Pero Chocó le queda muy lejos al Gobierno. Como le queda casi todo este país a sus gobernantes. Alguna vez lo dijo Álvaro Gómez Hurtado sobre ir a La Macarena o Uribe o las Sabanas del Yarí: que él no iba a esas lejanías. Si eso lo decía un hombre de su enorme estatura intelectual y de estadista, qué esperar de estos imitadores de políticos y gobernantes que tenemos hoy. Tan desteñidos e insípidos. Indolentes e incapaces.
Con Chocó pasa igual: está muy lejos para nuestras autoridades. Por eso un incendio que apenas tostaba 50o metros terminó por consumir 4.000 hectáreas de aquella selva impresionante. Si muchos supieran de las lagunas azuladas que se descubren trajinando selvaadentro desde Acandí hasta la frontera con Panamá. Si vieran a los jaguares merodear en la cabecera del Salaquí y en Sautatá. Si vieran a los patos-cuervo rozar el agua cristalina del Cacarica. Si vieran lo que se desconoce y se desprecia. Entonces, tal vez, entenderían.
Los chocoanos (afros, colonos e indígenas) le sobreviven a un abandono secular. Allí solo van a saquearles la madera de esa selva acuerpada y fina. A rascarles el oro de sus cientos de ríos de arenas titilantes. A montarles entables aceiteros contra su espíritu de protección de la selva. A sembrarles coca para pervertir su mansedumbre y sencillez. A expoliarles sus barras de platino tan escasas en el planeta.
Ver arder la selva de Unguía, así no más, nos volvió a llamar la atención sobre la inmensa riqueza y el superior olvido de esta gente y esta tierra, tan colombianos.
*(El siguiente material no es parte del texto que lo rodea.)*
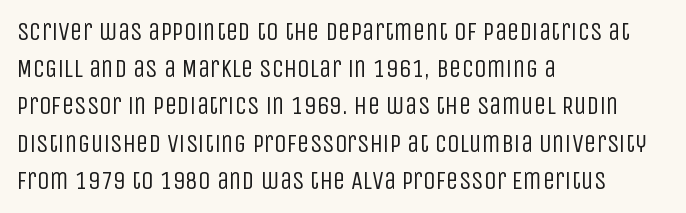
Each new line begins a customary step beneath the previous one. In CSS terms this would be text-align: left. Every character sits straight up, as roman type does. Inter-character spacing is left at the font's built-in metrics.
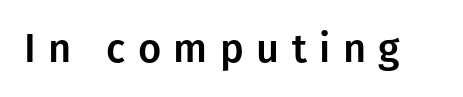
Q: Is the text italic (slanted)? A: No, it is upright.
Q: Is the typeface a serif or a sans-serif typeface? A: Sans-serif.
Q: Is the text underlined? A: No.
Q: Is the spacing between letters normal or unusually wide? A: Unusually wide.
Q: Width (condensed, normal, or wide)? A: Normal.
Q: Stroke contrast? A: Low.
Q: x-height? A: Medium.
Q: Monospaced? A: No.
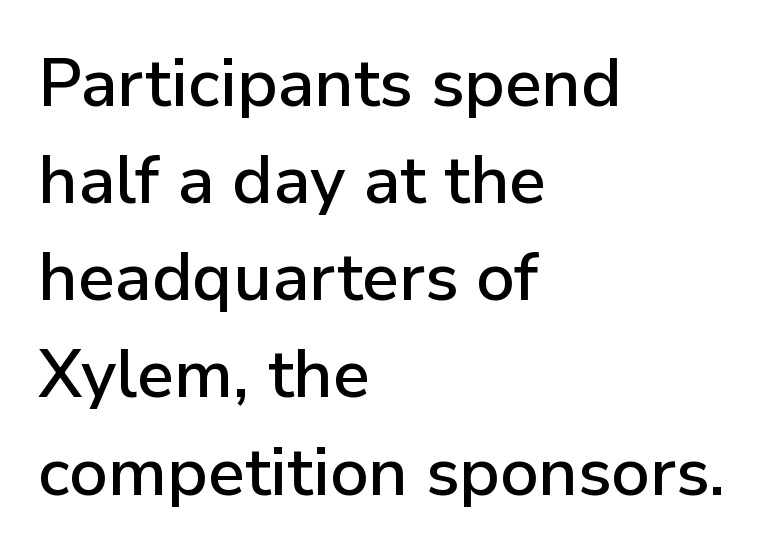
{"serif": "no", "italic": "no", "width": "normal", "stroke_contrast": "low", "x_height": "medium", "monospaced": "no", "underline": "no", "align": "left", "line_spacing": "normal", "line_spacing_ratio": 1.45, "letter_spacing": "normal", "letter_spacing_em": 0.0, "glyph_px": 67}
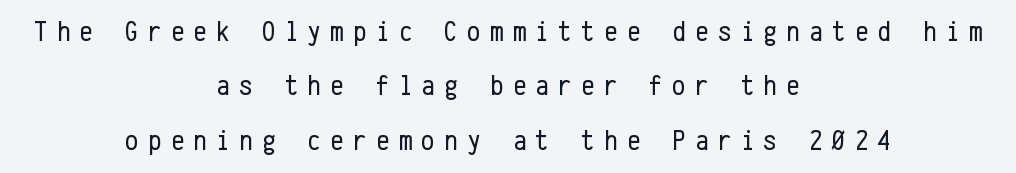
A centered setting, common on invitations and titles, is used for this passage. The passage shown is typeset with a sans-serif family. Glance below the letters and you will spot only blank space. Ascenders rise straight up at ninety degrees.
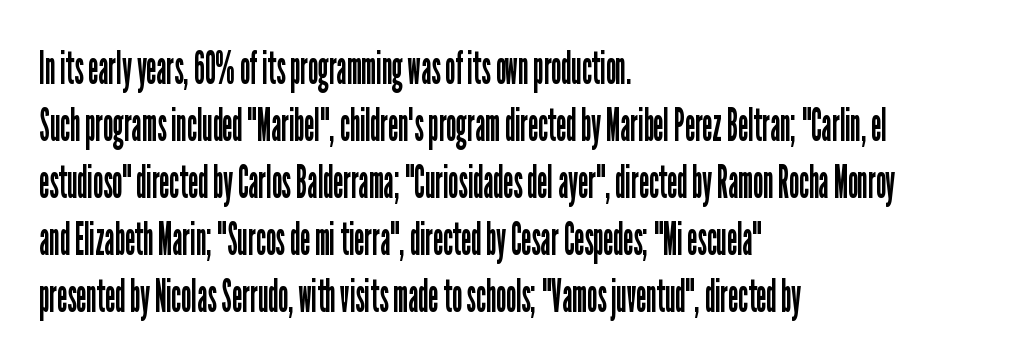
The image shows 46 px regular-weight, condensed sans-serif type, upright; set left-aligned, line spacing 1.24x, normal letter spacing, not underlined; low stroke contrast and a medium x-height.
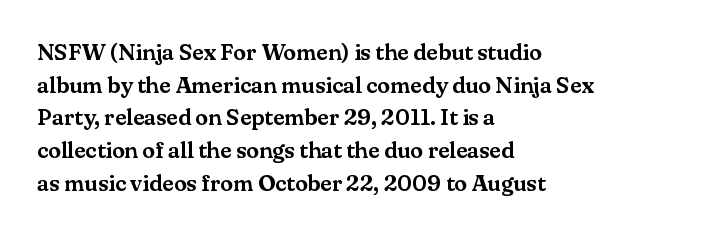
Q: Is the text italic (slanted)? A: No, it is upright.
Q: Is the text underlined? A: No.
Q: How is the paragraph aligned? A: Left-aligned.
Q: Is the spacing between letters normal or unusually wide? A: Normal.
Q: Is the spacing between lines tight, normal or loose? A: Normal.
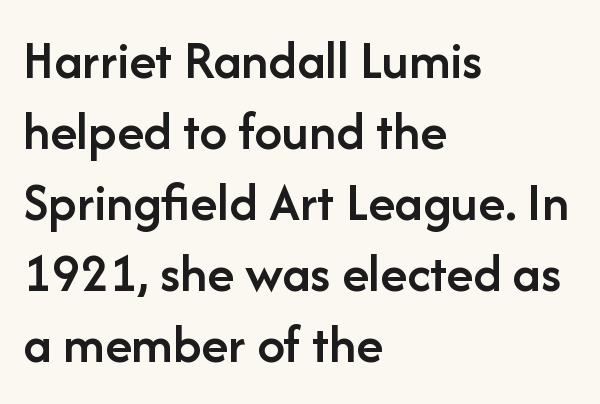
{"serif": "no", "italic": "no", "bold": "semi", "weight": "semibold", "width": "normal", "stroke_contrast": "low", "x_height": "medium", "monospaced": "no", "underline": "no", "align": "left", "line_spacing": "normal", "line_spacing_ratio": 1.29, "letter_spacing": "normal", "letter_spacing_em": 0.0, "glyph_px": 55}
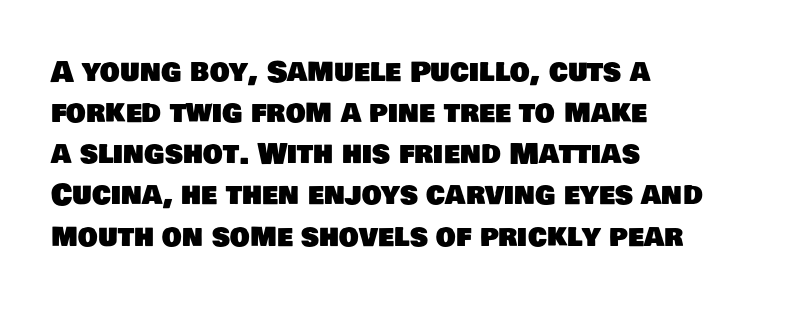
Q: Is the typeface a serif or a sans-serif typeface? A: Sans-serif.
Q: Is the text underlined? A: No.
Q: How is the paragraph aligned? A: Left-aligned.
Q: Is the spacing between letters normal or unusually wide? A: Normal.
Q: Is the spacing between lines tight, normal or loose? A: Normal.
Q: Width (condensed, normal, or wide)? A: Normal.
Q: Stroke contrast? A: Low.
Q: x-height? A: Large.
Q: Monospaced? A: No.
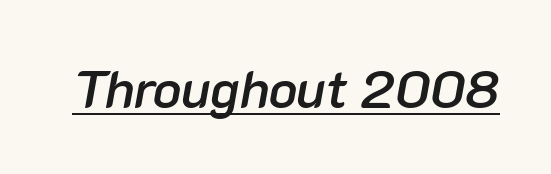
The passage shown is underscored from start to finish. Is the type slanted? Yes — the strokes lean at a clear angle. The characters look somewhat weighty, a semibold short of true bold. Note the varied advance widths — an 'i' is clearly narrower than an 'm'. The passage shown has conventional tracking throughout.
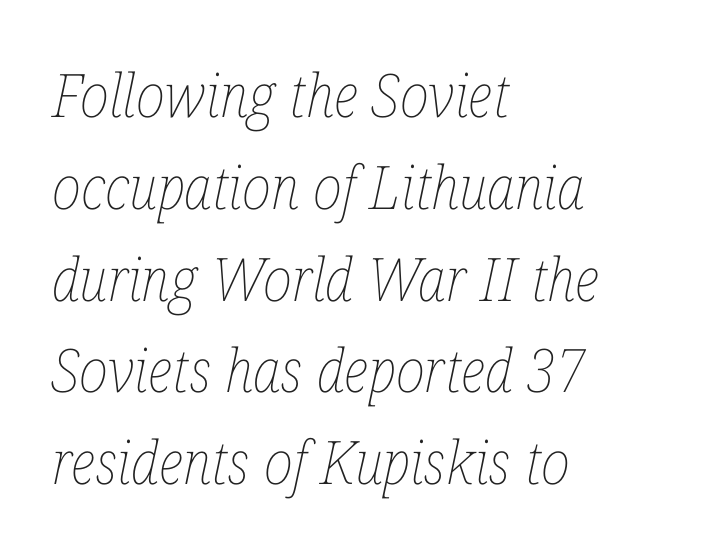
The image shows 60 px thin, condensed type, italic (leaning right); set left-aligned, normal line spacing (1.53x), normal letter spacing, not underlined; low stroke contrast and a medium x-height.
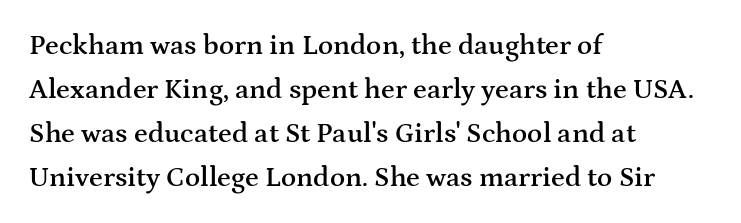
Compared with a centered layout, this one pins lines to the left instead. Inter-character spacing is left at the font's built-in metrics. Words float on clear page, feet unadorned. Notice how the stems are strictly vertical — no italics here. Does the weight exceed regular? Yes, but only to semibold.
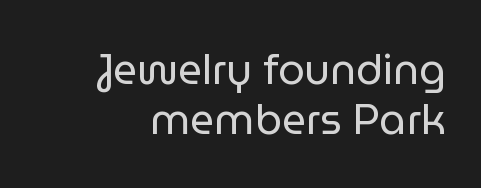
On a weight scale, this lands at 450 or below. Nobody touched the tracking dial on this one. Varying glyph widths throughout — classic text-font behaviour. Unmarked baselines from the first word to the last. If you drew a line through each stem, it would be perfectly vertical. Grotesque or geometric, the face here clearly has no serifs.
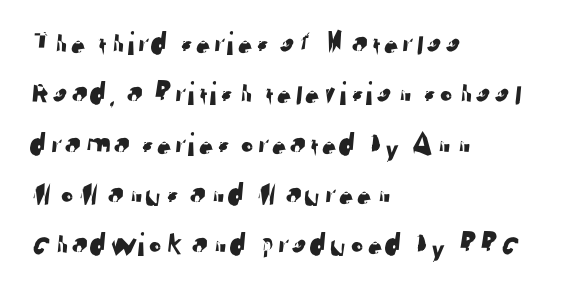
Reading down the column, the eye jumps a familiar distance to each next line. In terms of letterform style, serifs are entirely absent. The gaps between neighbouring characters are ordinary and unremarkable. Do the characters align in a grid? No, the font is proportional.
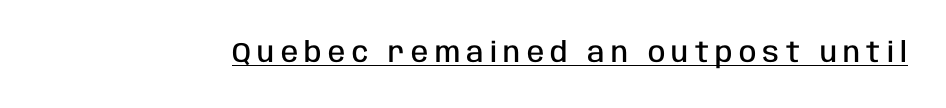
{"serif": "no", "italic": "no", "bold": "semi", "weight": "semibold", "width": "condensed", "stroke_contrast": "low", "x_height": "large", "monospaced": "no", "underline": "yes", "letter_spacing": "wide", "letter_spacing_em": 0.23, "glyph_px": 28}
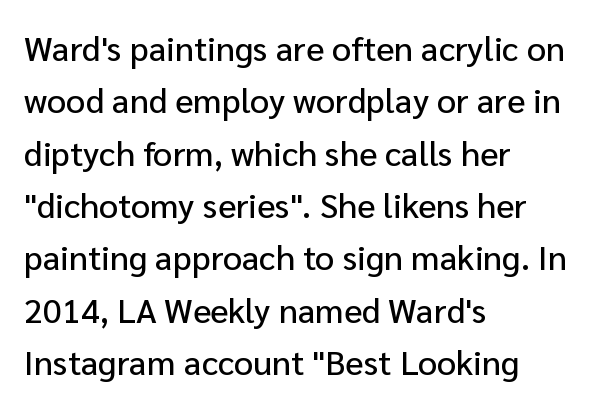
{"serif": "no", "italic": "no", "width": "normal", "stroke_contrast": "low", "x_height": "medium", "monospaced": "no", "underline": "no", "align": "left", "line_spacing": "normal", "line_spacing_ratio": 1.54, "letter_spacing": "normal", "letter_spacing_em": 0.0, "glyph_px": 34}
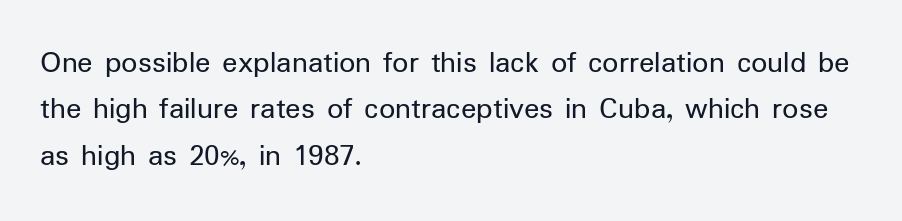
The image shows 32 px regular-weight sans-serif type, upright; set left-aligned, normal line spacing (1.45x), normal letter spacing, not underlined; low stroke contrast and a medium x-height.
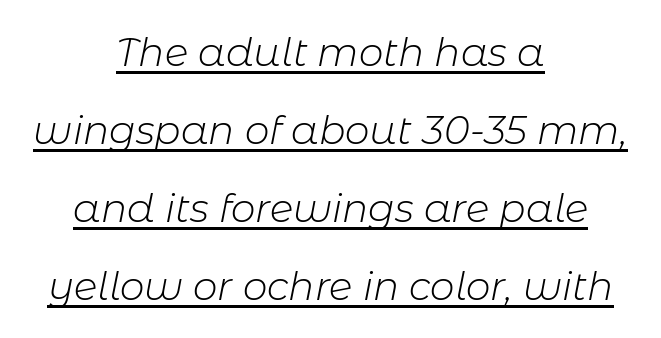
The image shows 39 px light type, italic (leaning right); set centered, loose line spacing (2.0x), normal letter spacing, underlined; low stroke contrast and a medium x-height.

No sabemos en el resto del país que mientras otras regiones sufren sed y sequía, en Chocó gozan la magnificencia de los ríos Atrato y San Juan, con sus aguas revueltas de taninos y lodos fecundos. "Aquí basta pararse y tirar las semillas para atrás, y luego volver a recoger la cosecha. Paisa, esto es más fértil que una quinceañera", le dicen a uno los nativos.
A cada metro hay mosquitas, ranas, lagartijas, mariposas, flores. Pero nos quedan lejos, muy lejos. Y lo peor es que arden en llamas y allí, donde hay tanta agua, una manguera tarda dos semanas en llegar. Y a la selva la envuelven una hoguera y el humo. Ese abandono, tan copioso y democrático.